The test driver snippet from the last entry hints at the core processing loop that we need for NewsHeap - Iterate over all channels, retrieve their content, parse the result. Rinse, Lather, Repeat.
This post begins to layer some behavior ontop of our current classes, pushing NewsHeap towards useful.
A feed reader should be able to
The OPML file serves as the list of subscriptions. We can parse it, we can update it, alas we can't insert or move outlines around yet, but that will come.
To keep track of when channels were last updated, etags if present, update frequency etc, we need to introduce a Subscription
. We also need something to manage a list of Subscriptions
. A SubscriptionList
.
One design issue to wrestle with is the representation of Subscription organization. Foreshadowing our UI requirements to organize our subscription list heirarchically, do we replicate the heirarchy between the subscription list and the OPML? Do we eliminate the OPML altogether and make it available as a import/export format?
Having gone back and forth on this, it strikes me that we can borrow the OPML parser and create a control file format by extending OPML
and Outline
.
A simple change to the OPML SAX Handler facilitates us setting the class for new outline instances.
def initialize(handlerClass=Outline)
...
@handlerClass = handlerClass
end
def start_element uri, localname, qname, attributes
if (!@opml) # ensure that first element is 'OPML'
...
elsif (localname == 'outline')
o = @handlerClass.new() # **Was ---> Outline.new() **
We make a corresponding change to OPML.readFrom
so that we can control the type of Outline.
We can create some subclasses now to hide these details from users of the classes. We need to create Subscripton
and SubscriptionList
class Subscription < Outline
def initialize()
@etag = nil
@lastModified = nil
@xmlURL = nil
@lastGet = nil
super()
end
def etag=(anEtag)
@attributes['etag'] = anEtag
end
def etag()
@attributes.fetch('etag',nil)
end
You will note that we harden the interface for the Subscription
class, adding accessors for elements such as etag
.
SubscriptionList
is even easier
class SubscriptionList < OPML
...
def readFrom(aSource)
super(aSource,**Subscription**)
end
This will ensure that when we do
subList = SubscriptionList.new
subList.readFrom(File.new("somecontrolfile.xml"))
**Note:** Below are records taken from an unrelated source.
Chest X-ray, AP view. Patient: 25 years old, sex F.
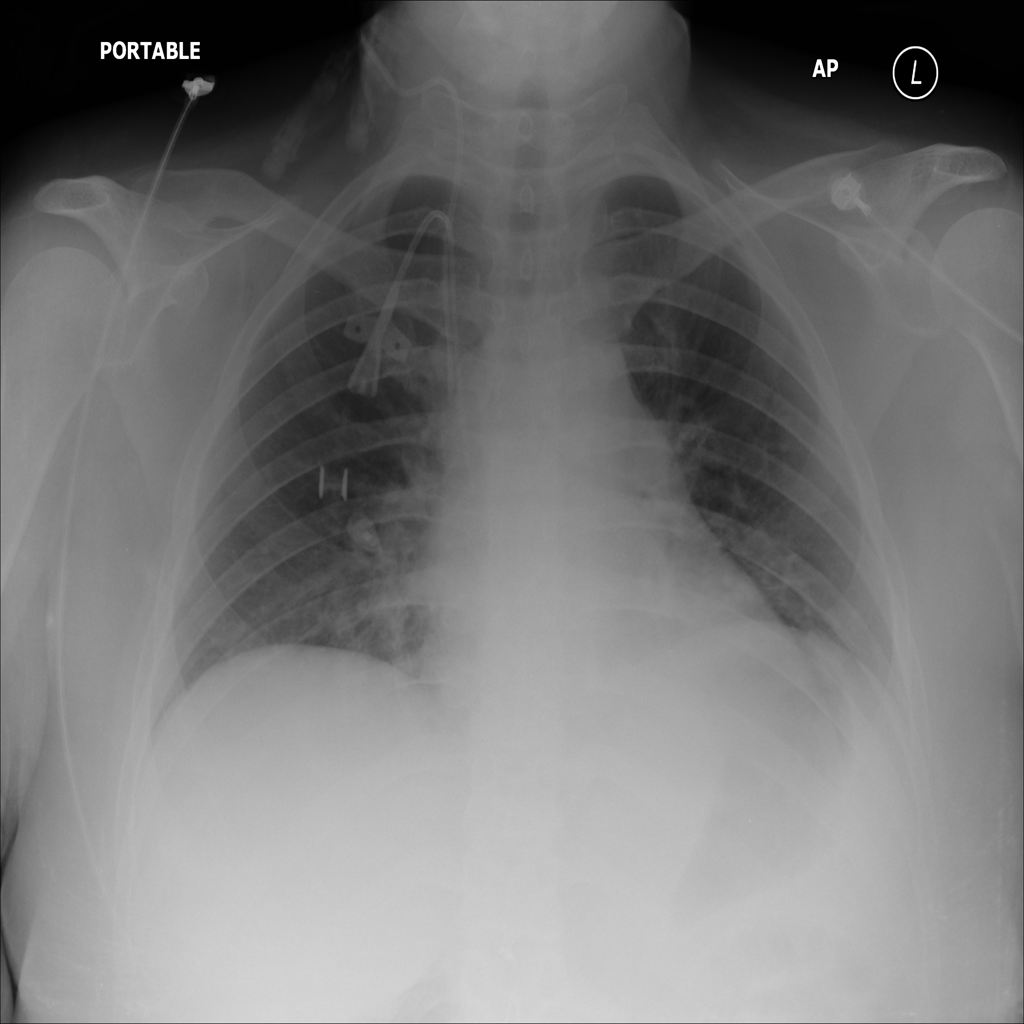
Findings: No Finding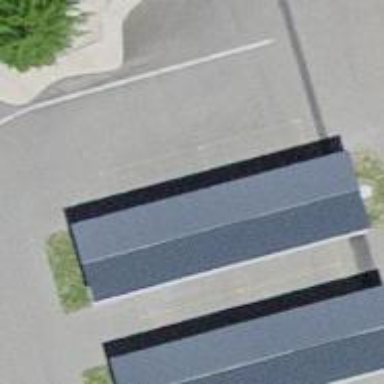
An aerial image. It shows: Flat roof building.

that all instances in the subscription list will be of class Subscription
A few unit tests and the addition of an iterator in OPML
, and we're done.
Let's bring this together with a driver program. First, some top matter and initialization
opmlFile = ARGV[0] || "myChannels.opml"
# read the control file
subscriptionList = NewsHeap::SubscriptionList.new()
subscriptionList.readFrom (File.new("./control/control.xml",File::CREAT|File::RDONLY))
# read the opml
opml = OPML.new
opml.readFrom(File.new(opmlFile))
parser = RssParser::new()
fetcher = HttpGetter::new()
The preceding checks for a control file in ./control/control.xml
and creates it if not found. Start looping over every entry in the OPML file, checking the SubscriptionList
for an entry.
# for every outline
begin
opml.each_outline { | outline |
url = outline.attributes["xmlUrl"]
# check control file
subscription = getSubscription(subscriptionList,url)
result = {}
etag = subscription.etag
lastModified = subscription.lastModified
data = fetcher.readData(url,result,etag,lastModified,NewsHeap::Control::AGENT)
if (newData?(result,subscription))
result = parser.parse(data,result)
end
printIt(result)
# update the control entry
subscription.etag = result['etag']
subscription.lastModified = result['modified']
subscription.lastGet = Time.now()
}
rescue => bang
print_backtrace(bang)
end
# update control data
subscriptionList.persist("./control/control.xml")
We grab the etag and lastModified attributes from the subscription and pass them to our HTTPFetcher
. The fetcher may return a 304 Not Modified if we've already got current content. The fetcher always updates the etag and last modified, so we can check if a new entry is present. If so, we'll pass it to the parser. Update the control entries and when we're all done, we persist the control file for use in the next go around.
One final enhancement makes this actually usable
...
**etag = lastModified = nil if !cached?(url) # <=== Check the cache for this URL - don't modify headers if no cache hit**
data = fetcher.readData(url,result,etag,lastModified,NewsHeap::Control::AGENT)
** # update and cache results
cache(data,url) if data # <=== cache the data so if we get a 304, we still have content to display
**
if (newData?(result,subscription))
result = parser.parse(data,result)
end
We have a control file to store details of our subscriptions and support for bandwidth friendly behavior.
What we're missing is per-channel update frequency and some behavior to rearrange the control file to reflect heirarchies and groups.
In the next round, we'll examine some GUI options, make a decision and implement the basic 3-pane viewer.
The existing code still needs to be cleaned up - camelCase vs canonical_ruby, organization etc can all be better. I'm adding unit tests as we go, so we can layer in some good feelings.